Best Companion Plants for a Polyculture
Several plants do the best job of attracting beneficial insects and creating a healthy polyculture environment. Choose those that work best in your climate and circumstances.
Asteraceae (sunflower family)
• Achillea millefolium, yarrow
• Aster species and hybrids, aster
• Baccharis species, baccharis
• Boltonia asteroides, boltonia
• Coreopsis species, tickseed
• Cosmos bipinnatus, cosmos
• Echinacea purpurea, purple coneflower
• Eupatorium perfoliatum, boneset
• Gaillardia aristata, blanketflower
• Helianthus annuus, sunflower
• Leucanthemum × superbum, Shasta daisy
• Ratibida pinnata, prairie coneflower
• Rudbeckia species, black-eyed Susan
• Solidago species, goldenrod
• Symphyotrichum species, hardy aster
• Tagetes species and hybrids, marigold
• Zinnia elegans and hybrids, zinnia
Apiaceae (carrot family)
• Ammi majus, laceflower or bishop’s weed
• Anethum graveolens, dill
• Angelica species, angelica
• Coriandrum sativum, cilantro or coriander
• Daucus carota, Queen Anne’s lace
• Foeniculum species, fennel
• Petroselinum crispum, parsley
• Zizia aptera, heartleaf Alexanders
• Zizia aurea, golden Alexanders
Lamiaceae (mint family)
• Nepeta × faassenii, catmint
• Ocimum basilicum, basil
• Origanum species, oregano
• Pycnanthemum species, mountain mint
• Rosmarinus officinalis, rosemary
• Salvia officinalis, culinary sage
• Thymus species, thyme
Other plant families
• Eriogonum species, native buckwheat
• Lobularia maritima, sweet alyssum
• Phacelia tanacetifolia, lacy phacelia
• Spiraea alba, meadowsweet
• Veronicastrum virginicum, Culver’s root
Create polycultures outdoors in the ground
To create polycultures outdoors in the ground, you can add one extra row of companion flowers and herbs per about five rows of marijuana and/or surround your patch with a border of beneficial flowers and herbs. Put beneficial flowers and herbs in the same row as your marijuana plants. In this case, select small, shallow-rooted plants (such as thyme, oregano, marigold, tickseed, Queen Anne’s lace, or cilantro) so that your marijuana does not have to compete for nutrients, sunlight, and water.
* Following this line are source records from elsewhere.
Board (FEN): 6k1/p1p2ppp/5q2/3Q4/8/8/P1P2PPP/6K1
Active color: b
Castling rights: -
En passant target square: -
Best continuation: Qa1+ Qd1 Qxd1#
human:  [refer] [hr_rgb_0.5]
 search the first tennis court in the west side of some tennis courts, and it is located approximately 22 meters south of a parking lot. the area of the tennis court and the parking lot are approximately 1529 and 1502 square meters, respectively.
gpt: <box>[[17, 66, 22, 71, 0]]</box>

Create polycultures outdoors in containers
Do not plant flowers or herbs in the same pot as your marijuana. Cannabis is a heavy feeder and wants all the nutrients, sunlight, and water it can get. It will not be as productive if it has to compete with another plant for those resources in the restricted environment of a container. Instead, plant some extra pots with beneficial flowers and herbs, and place them next to your pots of marijuana plants. Shift pots around to find the best environment for each kind of plant.
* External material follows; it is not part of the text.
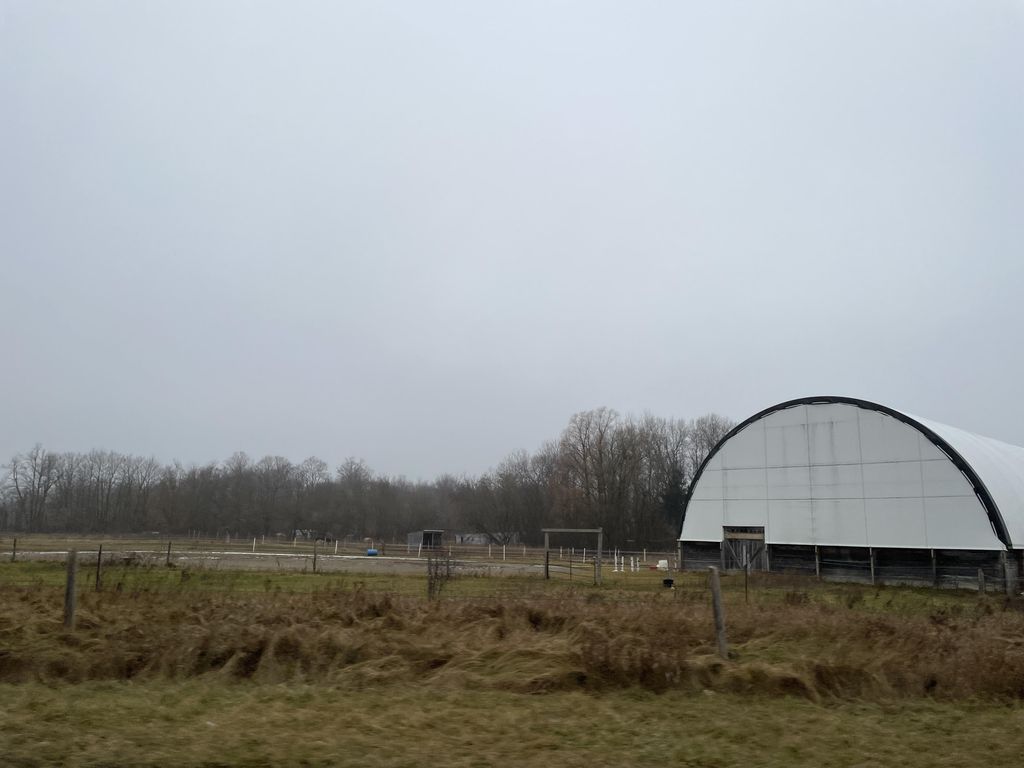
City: kitchener-waterloo

Create polycultures indoors in containers
Indoors, you avoid many of the pests and pathogens that plague outdoor plots. However, even indoors your plants might be hosts to spider mites, aphids, scale, powdery mildew, gray mold, and other pests and diseases. Pests hitchhike into your grow room or greenhouse on your clothing or on your pets. They can also ride the breeze and float or fly through windows, vents, and doors. If you release any of the beneficial insects and mites covered in chapter eight to deal with these problems, put pots of flowers in the grow room or greenhouse to provide extra food and habitat for these beneficial creatures.